L'Arcane de Tripourâ, XVI, 26
pashya : "Vois !", "regarde !"
Comment ?
prati-âvritta-cakshuh : "ayant les yeux retournés"
Quoi ?
sva-âtmânam : toi-même, soi-même, ton propre soi, mon propre soi
Qui est comment ?
kevalam citim : "qui est seulement conscience" (citi=acte de conscience, dynamique, nuance par rapport à cit, conscience statique, passive, "témoin")
Quand ?
âdesha-kâlam eva "au moment même où cela est pointé/ indiqué"
(le Commentateur précise naivaṃvidhamātmatattvaṃ parokṣamityāha - paśyeti | nanu śravaṇānantaraṃ
mananādikrameṇa kālāntare paśyāmīti cedāha - ādeśa iti | upadeśakāle śravaṇakāle evetyarthaḥ Cet être du Soi est immédiatement présent, il dit donc 'vois !' Mais peut-être qu'il faut juste entendre cela, pour ensuite, à un autre moment, réfléchir, etc. graduellement ; si l'on fait cette objection, il dit "au moment même où cela est indiqué" : au moment où cela est enseigné, c'est-à-dire au moment même où cela est entendu")
le Soi, svam,
que
pashyanti "contemplent"
uttama-buddhayah "ceux qui sont parfaitement éveillés".
Le verset suivant précise :
cakṣurnaitad golakaṃ te manaścakṣurudāhṛtam /
yena paśyasi svapneṣu taccakṣurmukhyamucyate
"Ces yeux ne sont pas les boules de chair, mais les yeux de l'esprit, grâce auxquels on voit dans les rêves. Voilà le véritable regard, dit-on."
Et cet autre joyau, au chapitre suivant :
nirvikalpakavijñānādajñānaṃ na nivartate /
nirvikalpakavijñānaṃ kenacinna viruddhyate // 27 //
Tripurârahasya, Jnânakhanda, XVII
Le commentateur, un illustre inconnu, Shrî Nivâsa, habitant de l'Andhra (au temps pour le "shivaïsme du Cachemire") : nirvikalpakajñānaṃ pratyabhijñābhinnaṃ samādhirūpaṃ nājñānanāśakamiti
"L'ignorance n'est pas détruite par l'expérience sans concept,
(car) l'expérience sans concept n'est contredit par rien. - 27
Commentaire : La connaissance sans concept, en forme de samâdhi, (si elle est) privée de reconnaissance, (laquelle comporte des concepts), ne peut détruire l'ignorance."
Une conscience non-conceptuelle, à elle seule, ne peut détruire l'ignorance, car comme l'espace, elle embrasse tout et ne contredit rien ni personne. Je vis chaque jour des milliers de moments sans concept, sans bifurcation, sans mots : le sommeil profond et les intervalles. Pourtant, ils ne m'éveillent pas, car la conscience, c'est-à-dire Dieu, embrasse tout. Elle agit, mais dans l'amour, dans un absolu respect de la liberté de l'individu, sachant que l'individu n'est nul autre qu'Elle.
Ce texte est un trésor fiable. Je l'ai découvert à seize ans et je le lis et le relis chaque jour avec la même jubilation respectueuse.
Ce matin, en écoutant Nothomb, cette autre réflexion m'est venue. "Autre", mais pertinente ici, quoique pour d'obscures raisons :
J'ai l'impression que l'on parle partout de la disparition de la nature, à juste titre. Mais l'on n'informe pas assez de celle de la culture. Or, autant la l'indiscutable raréfaction des insectes est un signe du fait dénoncé, autant l'effondrement lexical et syntaxique en est un autre, largement dénié. Il faut donc en parler. S'en troubler, car enfin, pas de nature sans culture. C'est une règle élémentaire de la grammaire cosmique.
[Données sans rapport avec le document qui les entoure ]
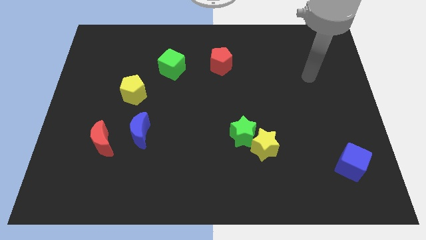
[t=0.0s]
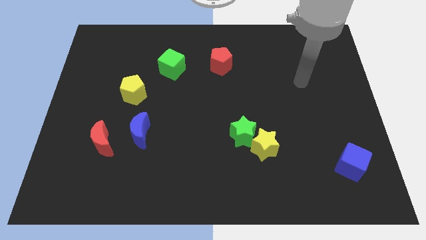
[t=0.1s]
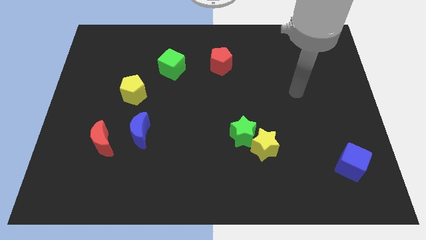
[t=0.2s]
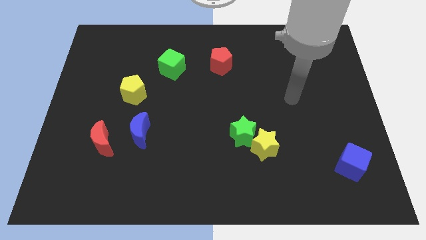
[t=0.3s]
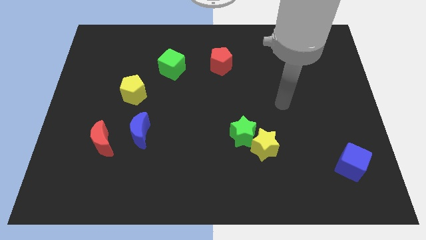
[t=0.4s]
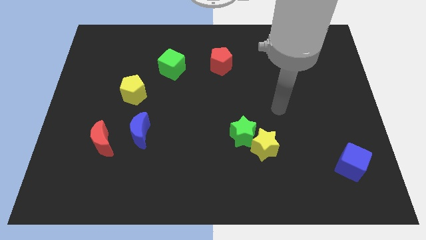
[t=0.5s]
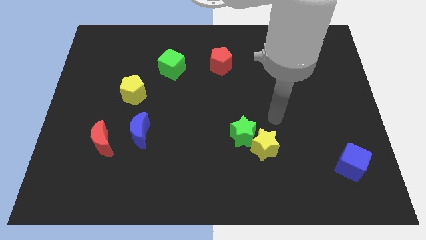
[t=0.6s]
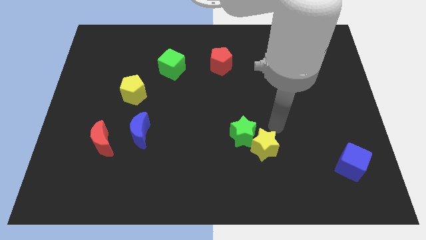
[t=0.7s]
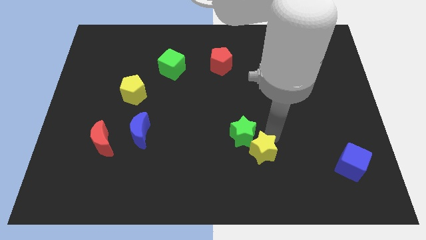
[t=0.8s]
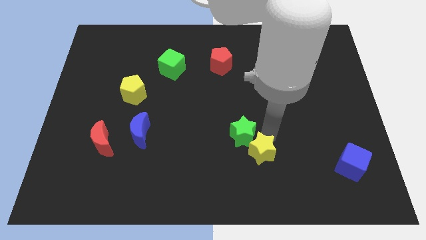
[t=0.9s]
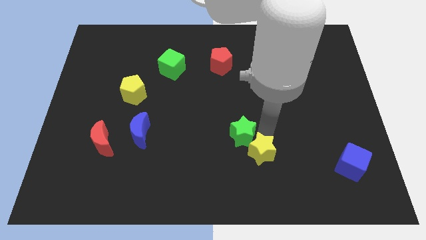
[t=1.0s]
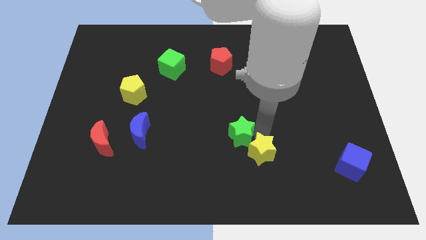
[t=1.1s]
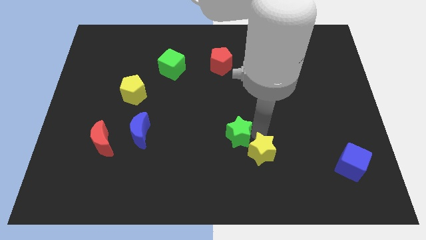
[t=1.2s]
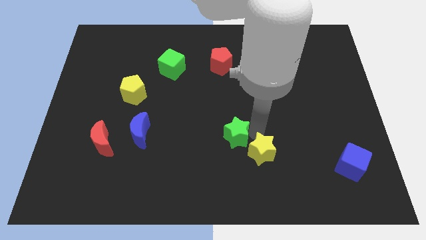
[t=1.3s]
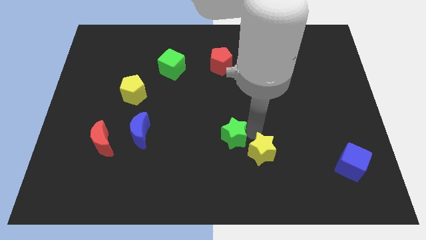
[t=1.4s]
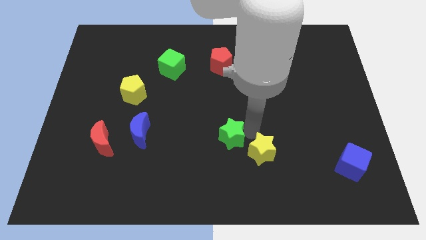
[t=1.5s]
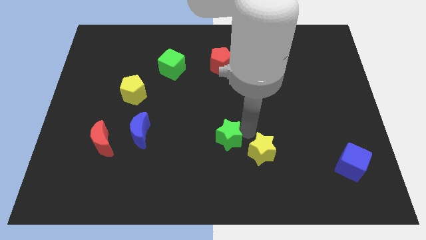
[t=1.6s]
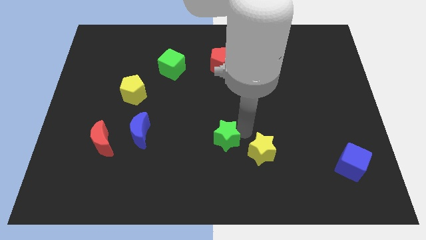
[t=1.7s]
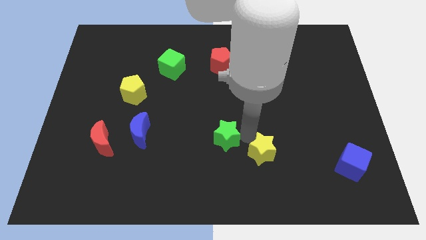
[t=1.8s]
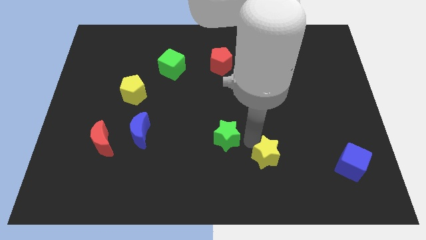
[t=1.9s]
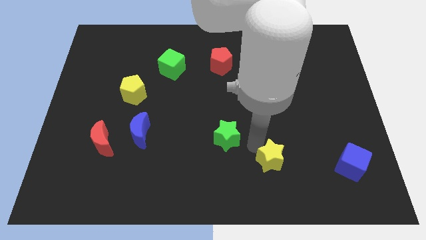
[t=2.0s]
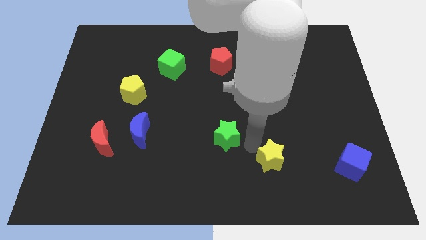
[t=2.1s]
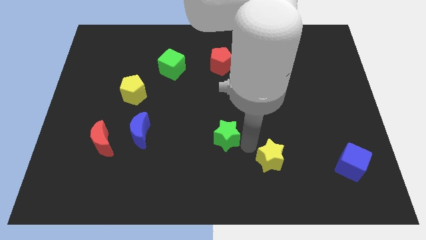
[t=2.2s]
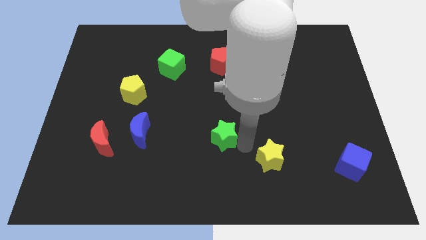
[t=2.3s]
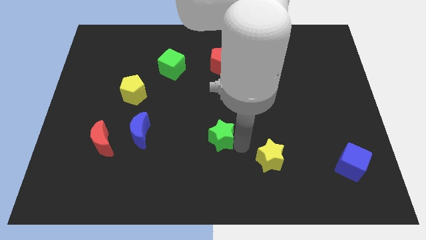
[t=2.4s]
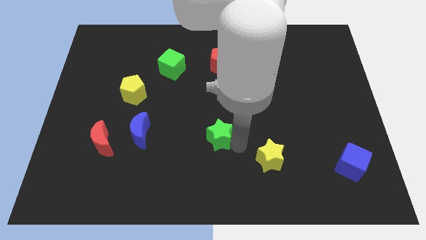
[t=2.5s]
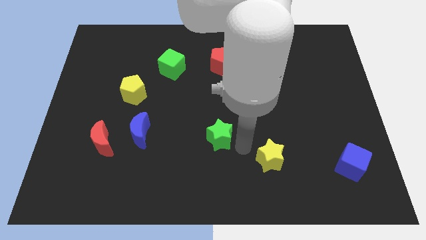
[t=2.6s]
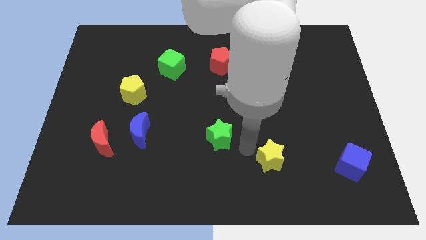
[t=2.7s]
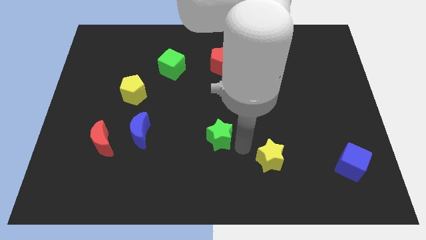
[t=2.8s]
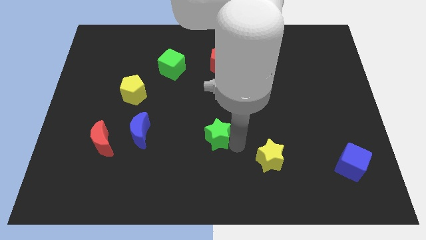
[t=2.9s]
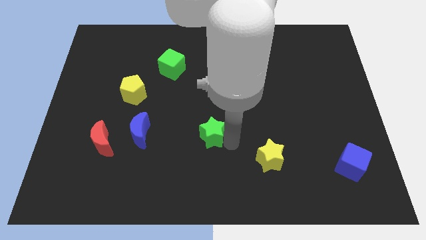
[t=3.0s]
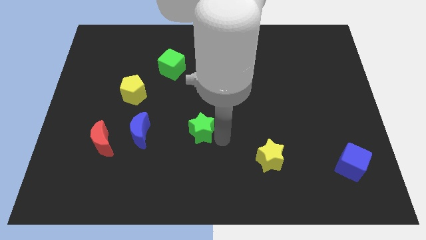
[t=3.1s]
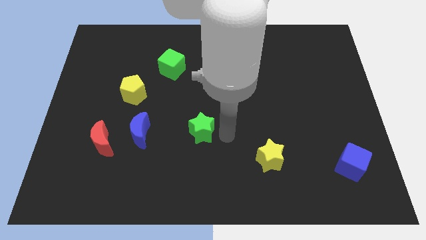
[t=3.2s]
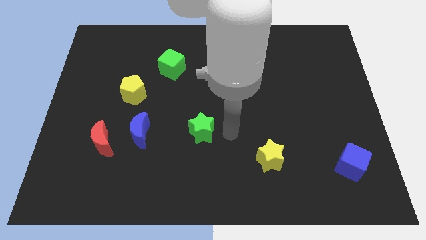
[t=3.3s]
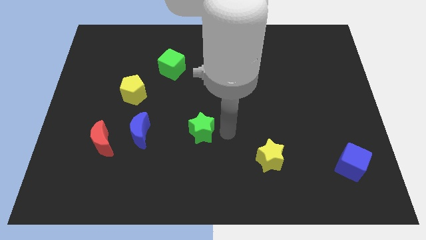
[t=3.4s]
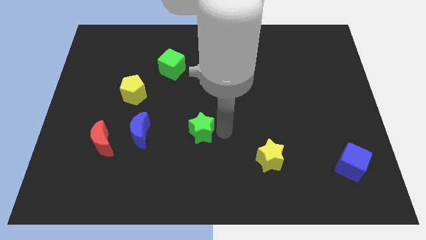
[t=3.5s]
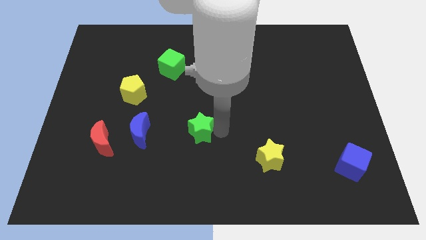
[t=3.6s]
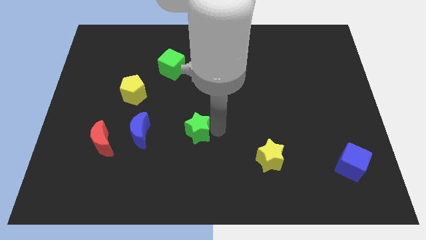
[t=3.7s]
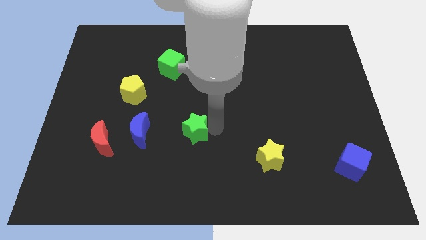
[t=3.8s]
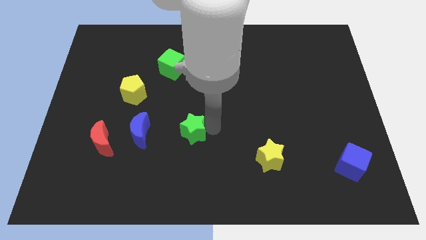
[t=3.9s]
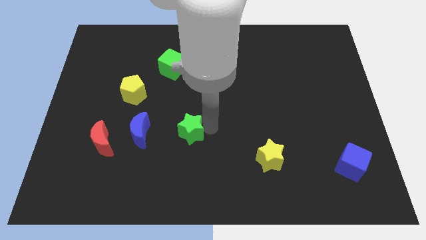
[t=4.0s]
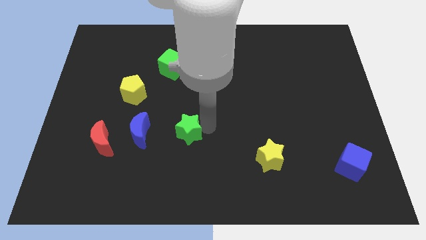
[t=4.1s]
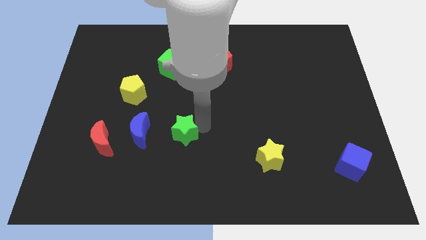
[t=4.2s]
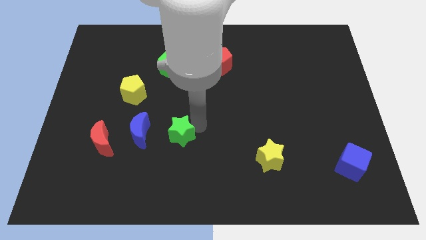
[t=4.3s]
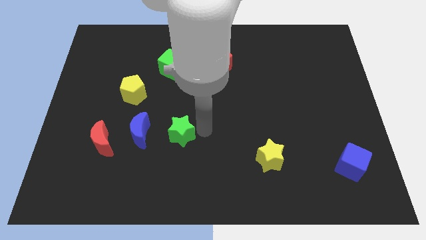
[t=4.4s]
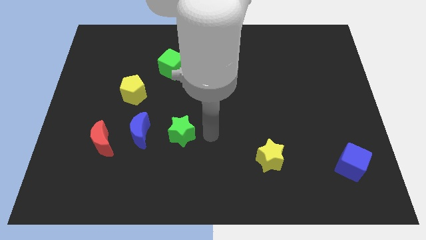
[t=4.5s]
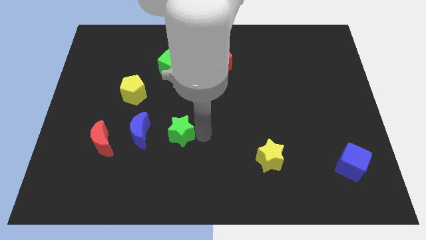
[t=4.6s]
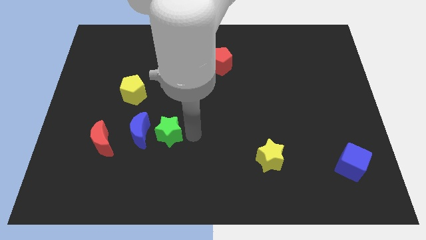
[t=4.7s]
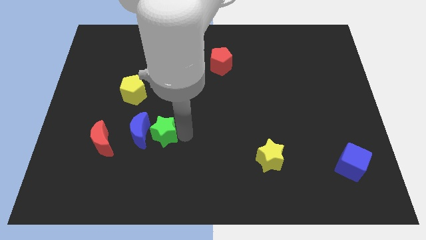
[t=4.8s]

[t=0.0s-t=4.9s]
slide the green star close to the blue moon

Autre observation, dans le prolongement de cette décadence : il me semble que plus nous - les auteurs, les écrivains, les passeurs, les philosophes, les chercheurs - nous faisons des efforts pour rendre accessible un savoir, plus les lecteurs sont paresseux. Il y a là une sorte d'affreux balancier, ou peut-être une spirale infernale. Je l'avais remarqué en classe : plus les professeurs se démènent pour se faire comprendre, moins les oreilles écoutent. Oui, il y a un cercle vicieux du pédagogisme qui roule sur la vague du mercantilisme, sans doute. Cette obsession de la fausse simplicité, qui est une vraie pauvreté, nous énerve, nous rend débiles. Soyons exigeants avec nous-mêmes. Discipline. Il n'y a pas de nature sans l'artifice d'une discipline, pas de joie de galoper à l'aventure sans le stratagème d'un yoga : yoga-yukta, "attelé au joug" comme disaient les guerriers de l'Inde ; yuktibhih "grâce aux stratagèmes" ; pas de liberté sans contrainte.
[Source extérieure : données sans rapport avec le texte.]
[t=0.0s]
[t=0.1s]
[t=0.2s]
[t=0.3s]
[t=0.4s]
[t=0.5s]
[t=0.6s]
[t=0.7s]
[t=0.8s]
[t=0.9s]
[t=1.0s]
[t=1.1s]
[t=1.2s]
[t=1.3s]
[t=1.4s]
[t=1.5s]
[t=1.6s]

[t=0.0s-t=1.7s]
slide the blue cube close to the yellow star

Dans les humanités brahmaniques, trois piliers, trois "portes vers la liberté (moksha-dvâra) : la grammaire, l'exégèse, la logique. Ne serait-ce qu'un accident, une vieillerie anecdotique ?
Belle journée à tous, fuyons. Le yoga est à réinventer. Courage et cœur à l'ouvrage.
Bonjour,
RépondreSupprimerOù peut on trouver ce texte « l’arcane de la déesse tripoura »?
Merci.
Il y a la traduction de Michel Hulin, "La doctrine secrète de la déesse Tripurâ", Fayard.
SupprimerBonjour,
RépondreSupprimerMalgré mes recherches, je ne vois pas dans le livre de Michel Hulin le passage si lumineux que vous citez. (Arcane de tricourant XVI 26).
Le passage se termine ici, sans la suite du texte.